Achmad Zainal Arifin (2013: 143) dalam disertasinya di Australia mengartikan ‘ndalem’ sebagai ‘orang dalam’ (insider). Dari arti ini, ia menjelaskan ada dua kelompok sosial di pesantren yang bisa disebut dengan ‘ndalem’.
Pertama adalah anggota keluarga kiai, seperti istri dan anak kiai. Kedua adalah santri yang mengabdikan dirinya untuk membantu urusan rumah tangga kiai, biasanya sering disebut dengan ‘santri ndalem’.
Masing-masing kelompok ini memiliki peran besar terhadap kelanjutan dan perkembangan pesantren. Setidaknya ada dua kontribusi penting yang telah disumbangkan oleh kedua kelompok ini.
Pertama adalah sebagai mediator antara karisma kiai dan putranya. Peran ini cenderung lebih merujuk pada ndalem dalam arti keluarga kiai. Mereka menjadi penghubung dan perantara penting antara karisma yang dimiliki oleh kiai dan putranya.

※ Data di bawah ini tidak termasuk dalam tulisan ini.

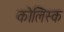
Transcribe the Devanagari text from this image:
कोलिस्क
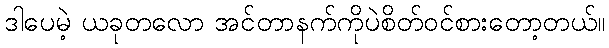
ဒါပေမဲ့ ယခုတလော အင်တာနက်ကိုပဲစိတ်ဝင်စားတော့တယ်။
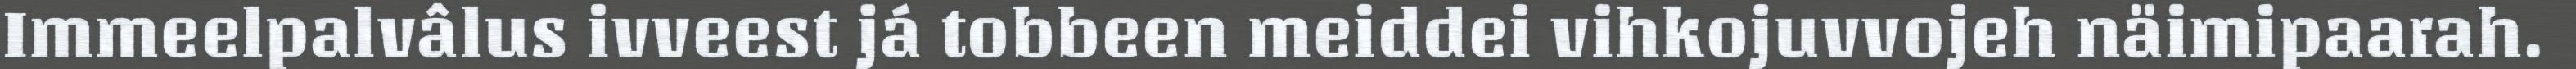
Immeelpalvâlus ivveest já tobbeen meiddei vihkojuvvojeh näimipaarah.
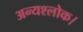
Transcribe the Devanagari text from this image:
अन्यश्लोक।
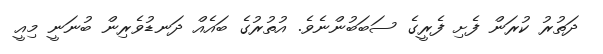
ދަތުރު ކުރަން ފެށި ފެރީގެ ސަބަބުންނެވެ. އުތުރުގެ ބައެއް ދަނޑުވެރިން ބުނަނީ މިއީ
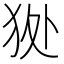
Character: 𤝥
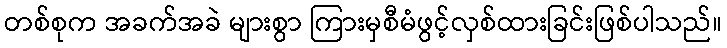
တစ်စုက အခက်အခဲ များစွာ ကြားမှစီမံဖွင့်လှစ်ထားခြင်းဖြစ်ပါသည်။
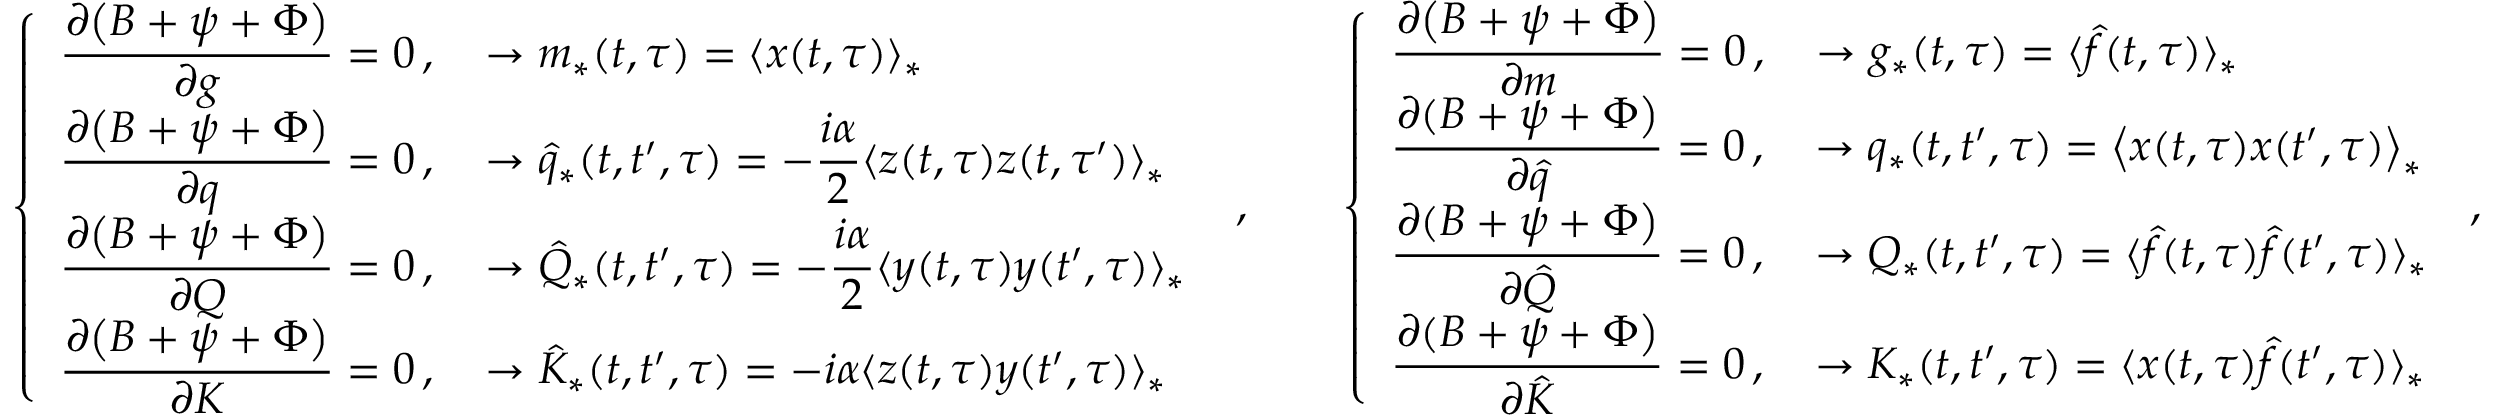
\left\{ \begin{array} { l } { \displaystyle \frac { \partial \big ( B + \psi + \Phi \big ) } { \partial g } = 0 \, , \quad \rightarrow { m } _ { * } ( t , \tau ) = \langle x ( t , \tau ) \rangle _ { * } } \\ { \displaystyle \frac { \partial \big ( B + \psi + \Phi \big ) } { \partial q } = 0 \, , \quad \rightarrow \hat { q } _ { * } ( t , t ^ { \prime } , \tau ) = - \frac { i \alpha } { 2 } \langle z ( t , \tau ) z ( t , \tau ^ { \prime } ) \rangle _ { * } } \\ { \displaystyle \frac { \partial \big ( B + \psi + \Phi \big ) } { \partial Q } = 0 \, , \quad \rightarrow \hat { Q } _ { * } ( t , t ^ { \prime } , \tau ) = - \frac { i \alpha } { 2 } \langle y ( t , \tau ) y ( t ^ { \prime } , \tau ) \rangle _ { * } } \\ { \displaystyle \frac { \partial \big ( B + \psi + \Phi \big ) } { \partial K } = 0 \, , \quad \rightarrow \hat { K } _ { * } ( t , t ^ { \prime } , \tau ) = - i \alpha \langle z ( t , \tau ) y ( t ^ { \prime } , \tau ) \rangle _ { * } } \end{array} \right. \, \, , \qquad \left\{ \begin{array} { l } { \displaystyle \frac { \partial \big ( B + \psi + \Phi \big ) } { \partial m } = 0 \, , \quad \rightarrow { g } _ { * } ( t , \tau ) = \langle \hat { f } ( t , \tau ) \rangle _ { * } } \\ { \displaystyle \frac { \partial ( B + \psi + \Phi \big ) } { \partial \hat { q } } = 0 \, , \quad \rightarrow q _ { * } ( t , t ^ { \prime } , \tau ) = \big \langle x ( t , \tau ) x ( t ^ { \prime } , \tau ) \big \rangle _ { * } } \\ { \displaystyle \frac { \partial ( B + \psi + \Phi \big ) } { \partial \hat { Q } } = 0 \, , \quad \rightarrow Q _ { * } ( t , t ^ { \prime } , \tau ) = \langle \hat { f } ( t , \tau ) \hat { f } ( t ^ { \prime } , \tau ) \rangle _ { * } } \\ { \displaystyle \frac { \partial ( B + \psi + \Phi \big ) } { \partial \hat { K } } = 0 \, , \quad \rightarrow K _ { * } ( t , t ^ { \prime } , \tau ) = \langle x ( t , \tau ) \hat { f } ( t ^ { \prime } , \tau ) \rangle _ { * } } \end{array} \right. \, ,
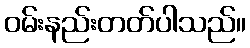
ဝမ်းနည်းတတ်ပါသည်။

Posisi ini sangat sentral bagi kelanjutan pesantren, karena dalam banyak kasus ketika pemimpin pesantren yang karismatik meninggal dunia, tidak jarang pesantrennya kemudian ditutup karena putranya tidak bisa mewarisi karisma ayahnya yang diakui oleh masyarakat (Arifin, 2013: 143).
Kalaupun tidak semua pesantren mengalami kondisi semacam ini, setidaknya hal ini sudah dibuktikan secara jelas oleh Arifin (2013: 143-146) ketika meneliti Pondok Pesantren al-Munawwir Kompleks L di Yogyakarta. Berdasarkan penelitiannya, setelah Kiai Ahmad Munawwir selaku pengasuh pesantren meninggal dunia pada 2001, Bu Nyai Shofiyah selaku istri Kiai Ahmad bekerja keras untuk menyiapkan putranya yang masih muda, Gus Munawwar, agar bisa menjadi kiai karismatik seperti ayahnya.
Bu Nyai Shofiyah bukan hanya membujuk para alumni agar memberi dukungan penuh kepada Gus Munawwar. Lebih dari itu, dengan modal kemampuan komunikasinya, Bu Nyai juga aktif sekali menceritakan kelebihan-kelebihan Gus Munawwar. Seperti kemiripannya dengan Kiai Ahmad dalam hal menghafal Alquran dan prestasi-prestasi yang pernah dicapai Gus Munawwar pada waktu sekolah.
Selain Bu Nyai, anggota keluarga lain yang ikut memperkuat karisma Gus Munawwar adalah sepupunya sendiri, Gus Hafid. Meski memiliki pesantren sendiri di Klaten, Gus Hafid diminta ayahnya untuk membantu Gus Munawwar mengurus pesantrennya.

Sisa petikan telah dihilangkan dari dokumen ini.